===== Records to use =====

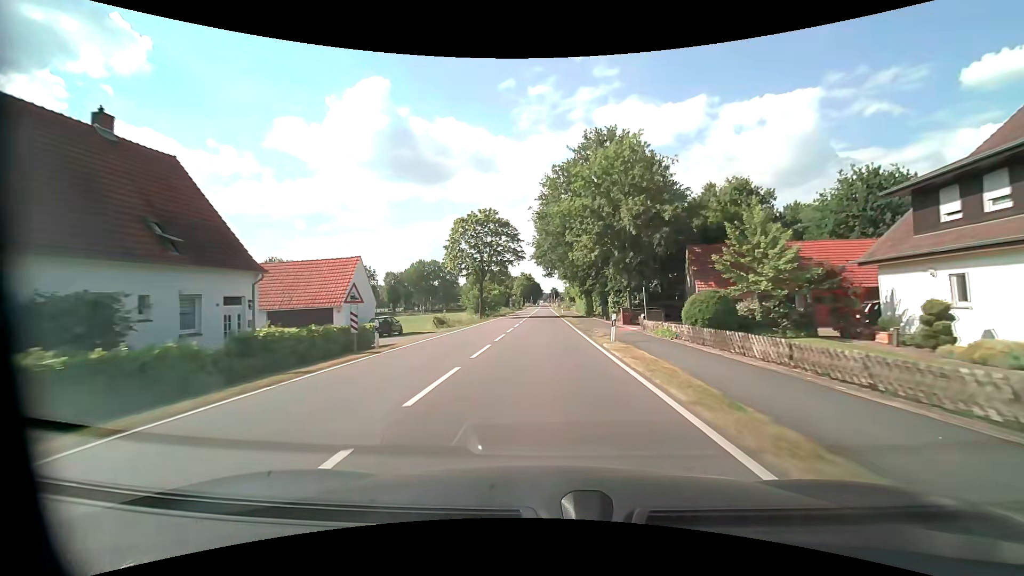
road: tertiary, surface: asphalt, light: Day
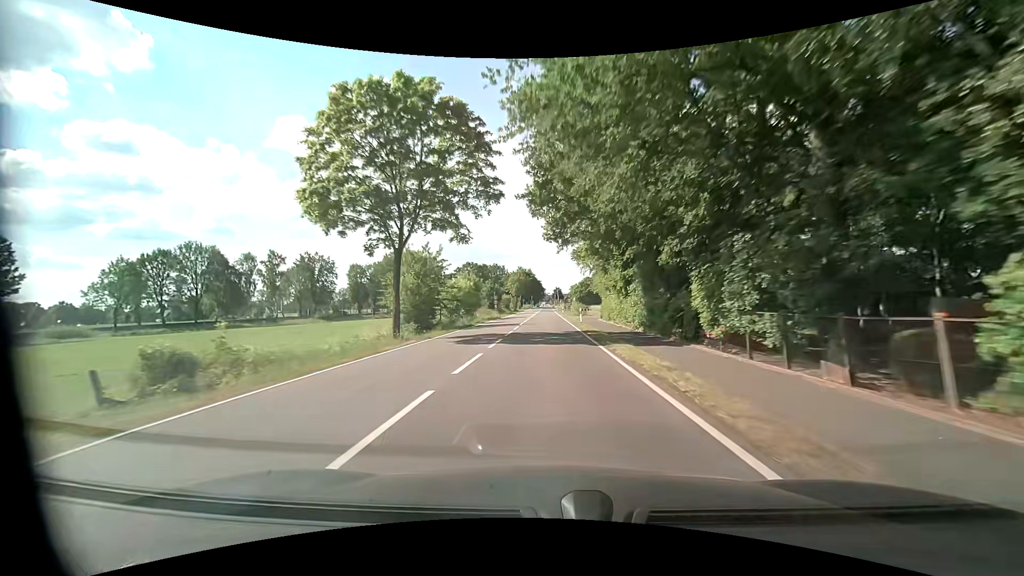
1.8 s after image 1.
(-0.1, +33.4) m; 0°
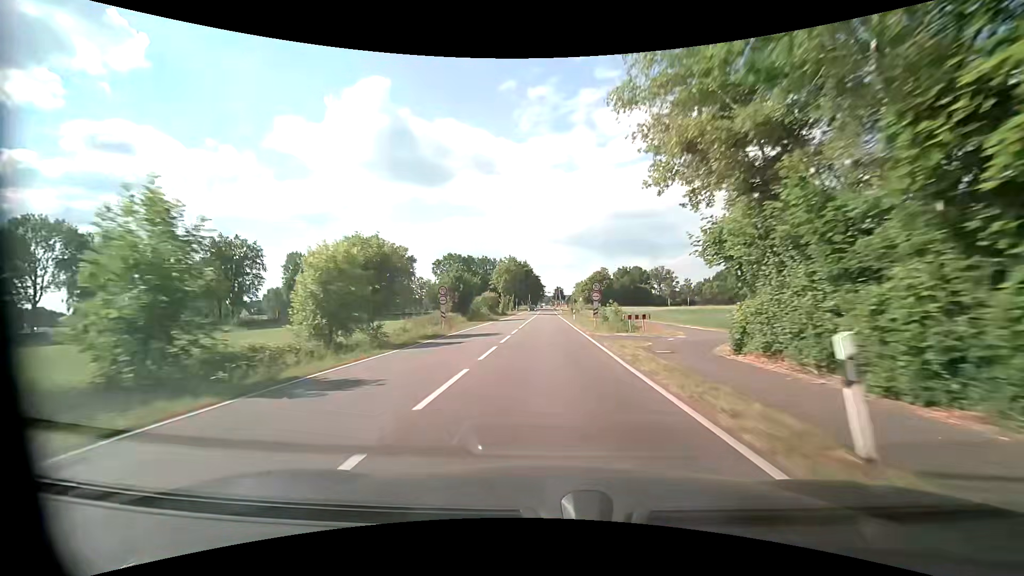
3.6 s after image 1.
(-0.1, +33.3) m; -1°
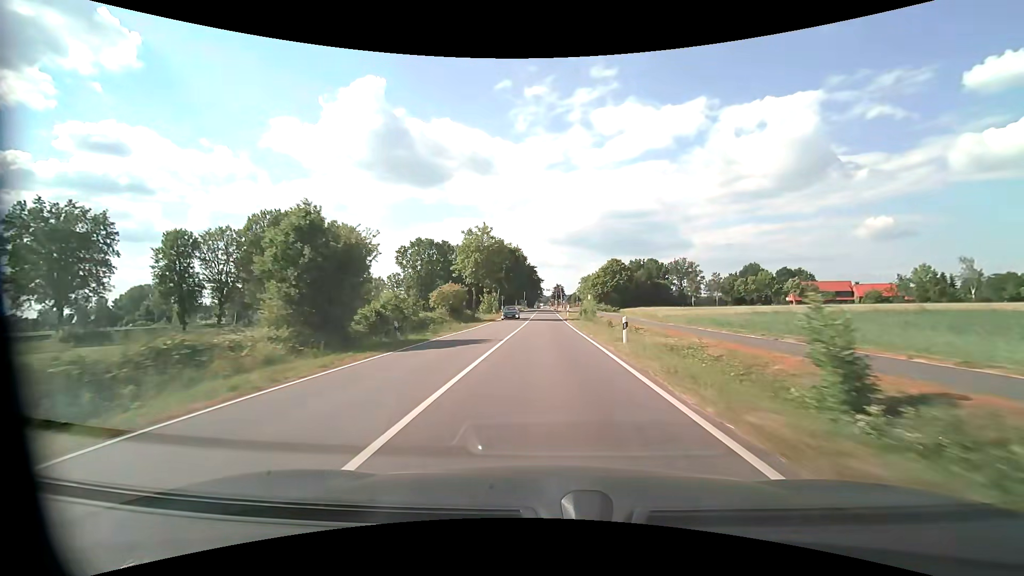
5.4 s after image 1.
(+0.6, +33.2) m; +1°
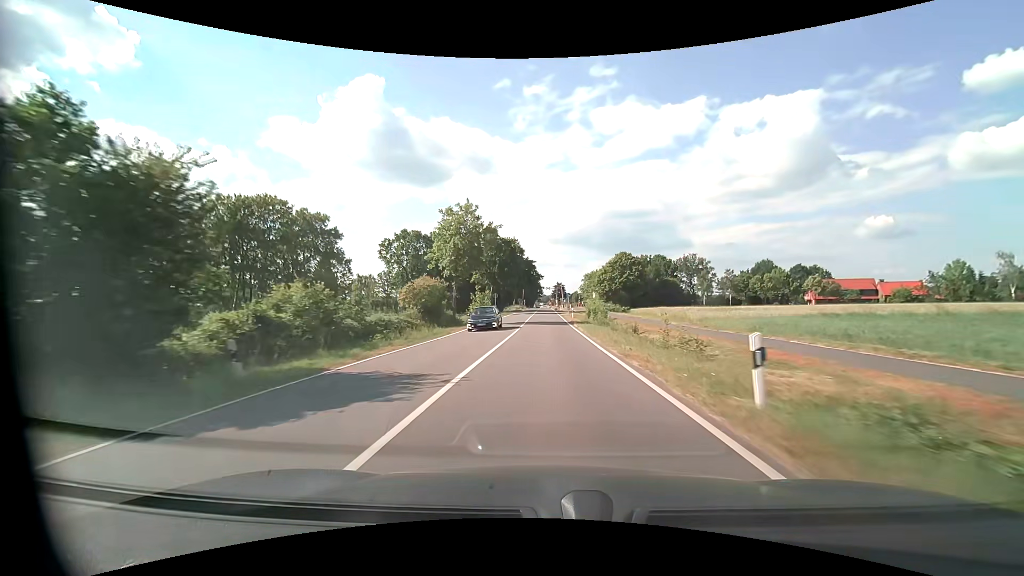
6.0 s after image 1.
(0.0, +11.1) m; 0°
(0, +10) (0, +20) (0, +30) (0, +40) (0, +50) (0, +60) (0, +70) (0, +80) (0, +90) (0, +100) m

=====

Work task ::
Quote the records above exactly, leaving out any pictures.

Answer box ::
road: tertiary, surface: asphalt, light: Day
1.8 s after image 1.
(-0.1, +33.4) m; 0°
3.6 s after image 1.
(-0.1, +33.3) m; -1°
5.4 s after image 1.
(+0.6, +33.2) m; +1°
6.0 s after image 1.
(0.0, +11.1) m; 0°
(0, +10) (0, +20) (0, +30) (0, +40) (0, +50) (0, +60) (0, +70) (0, +80) (0, +90) (0, +100) m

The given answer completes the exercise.